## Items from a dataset
"""
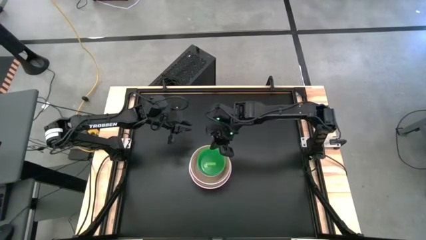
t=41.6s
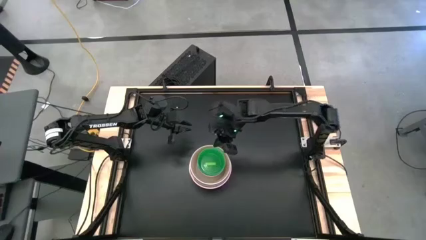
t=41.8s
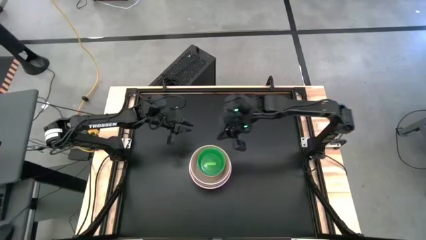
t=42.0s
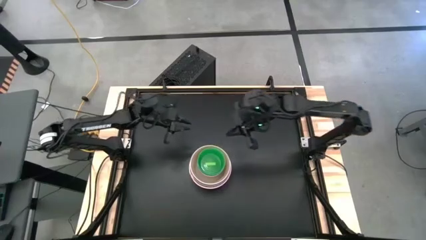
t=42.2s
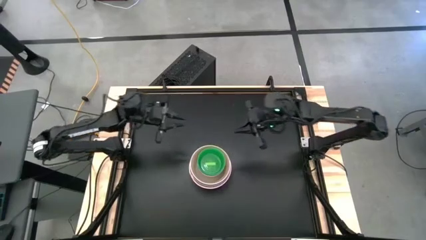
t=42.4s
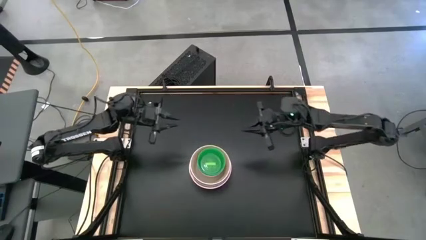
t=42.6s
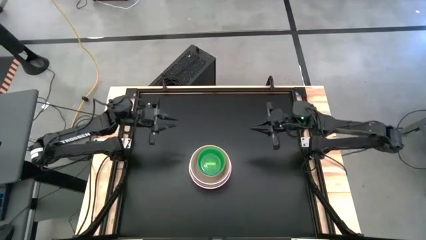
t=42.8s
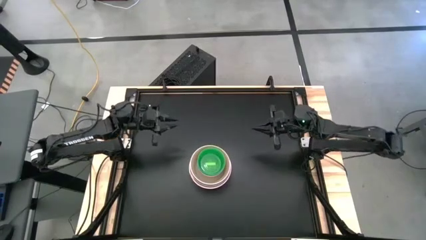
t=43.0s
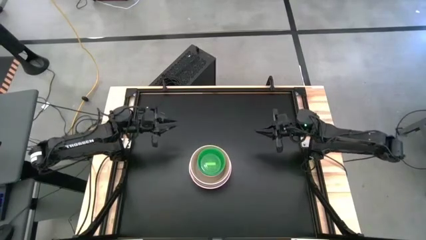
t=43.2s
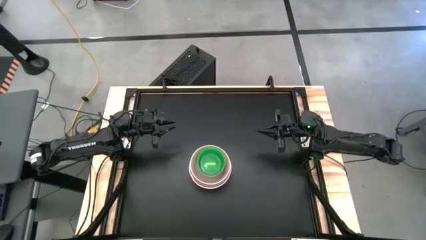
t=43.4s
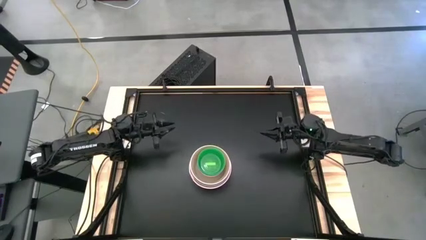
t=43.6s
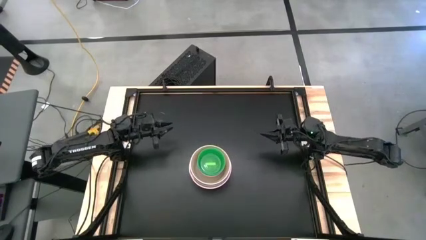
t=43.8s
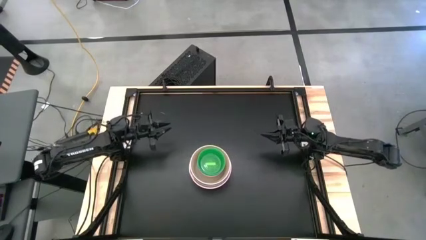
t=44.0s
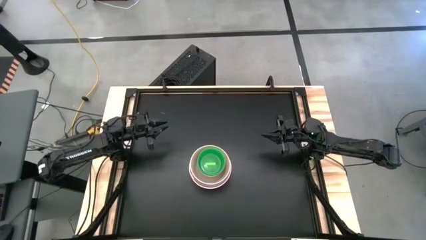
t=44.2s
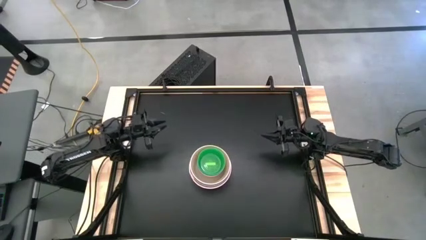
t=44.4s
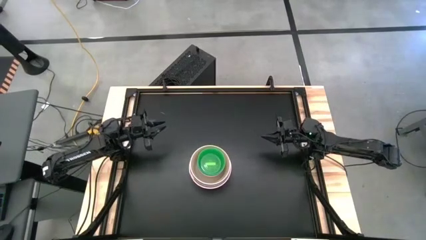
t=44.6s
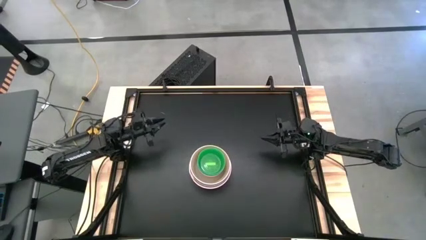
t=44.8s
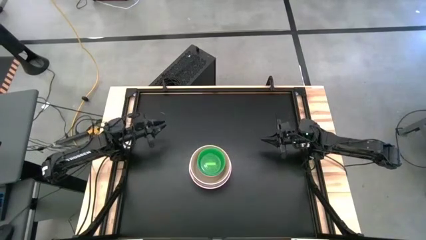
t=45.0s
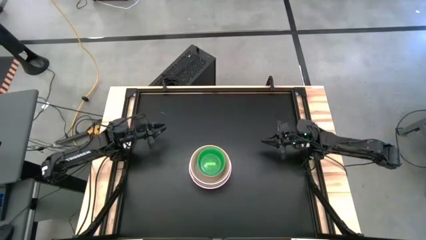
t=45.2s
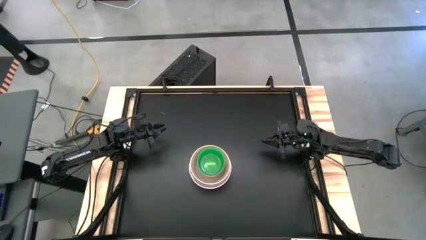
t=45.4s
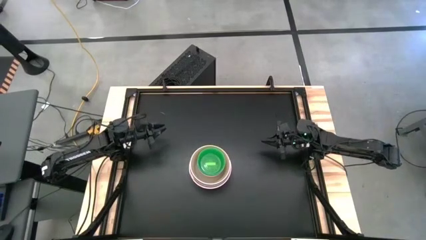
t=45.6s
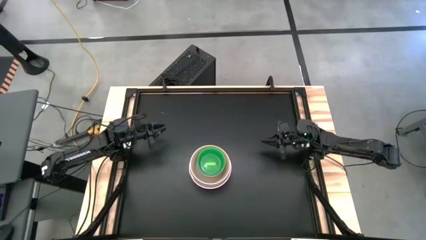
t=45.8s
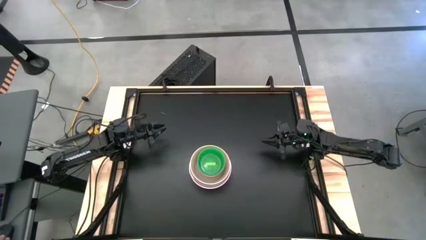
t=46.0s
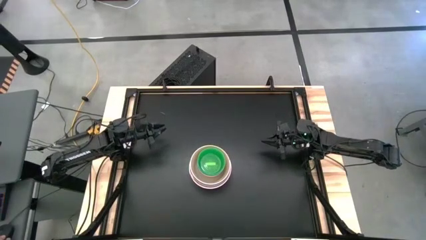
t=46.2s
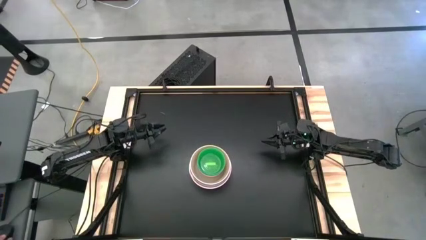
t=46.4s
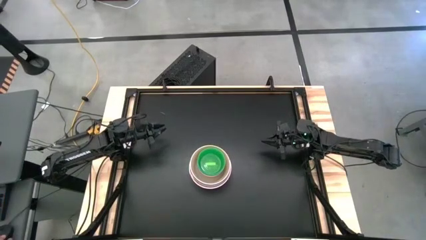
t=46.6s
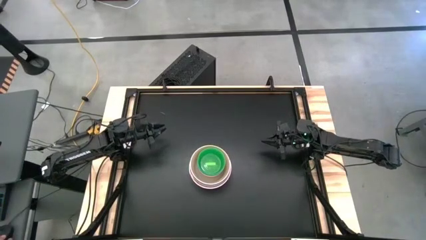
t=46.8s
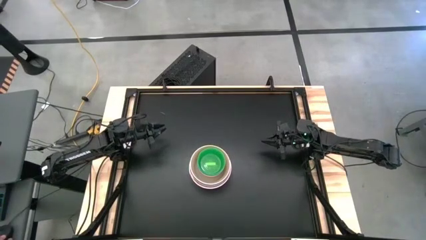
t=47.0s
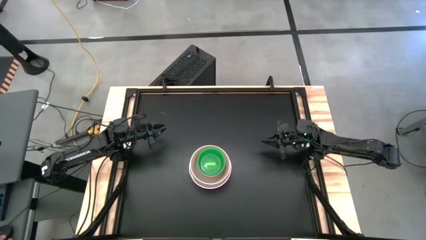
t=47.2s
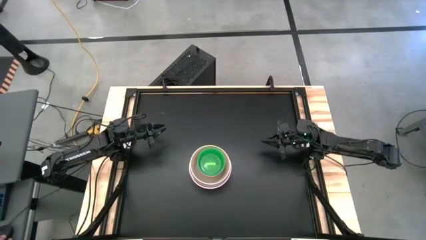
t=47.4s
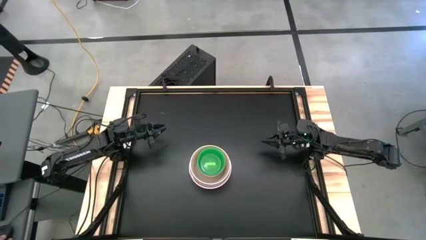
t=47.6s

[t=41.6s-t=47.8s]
Return to Home Position
"""
None of the pictures should be copied, but every record above must be returned exactly.

## SOLUTION
t=41.6s
t=41.8s
t=42.0s
t=42.2s
t=42.4s
t=42.6s
t=42.8s
t=43.0s
t=43.2s
t=43.4s
t=43.6s
t=43.8s
t=44.0s
t=44.2s
t=44.4s
t=44.6s
t=44.8s
t=45.0s
t=45.2s
t=45.4s
t=45.6s
t=45.8s
t=46.0s
t=46.2s
t=46.4s
t=46.6s
t=46.8s
t=47.0s
t=47.2s
t=47.4s
t=47.6s

[t=41.6s-t=47.8s]
Return to Home Position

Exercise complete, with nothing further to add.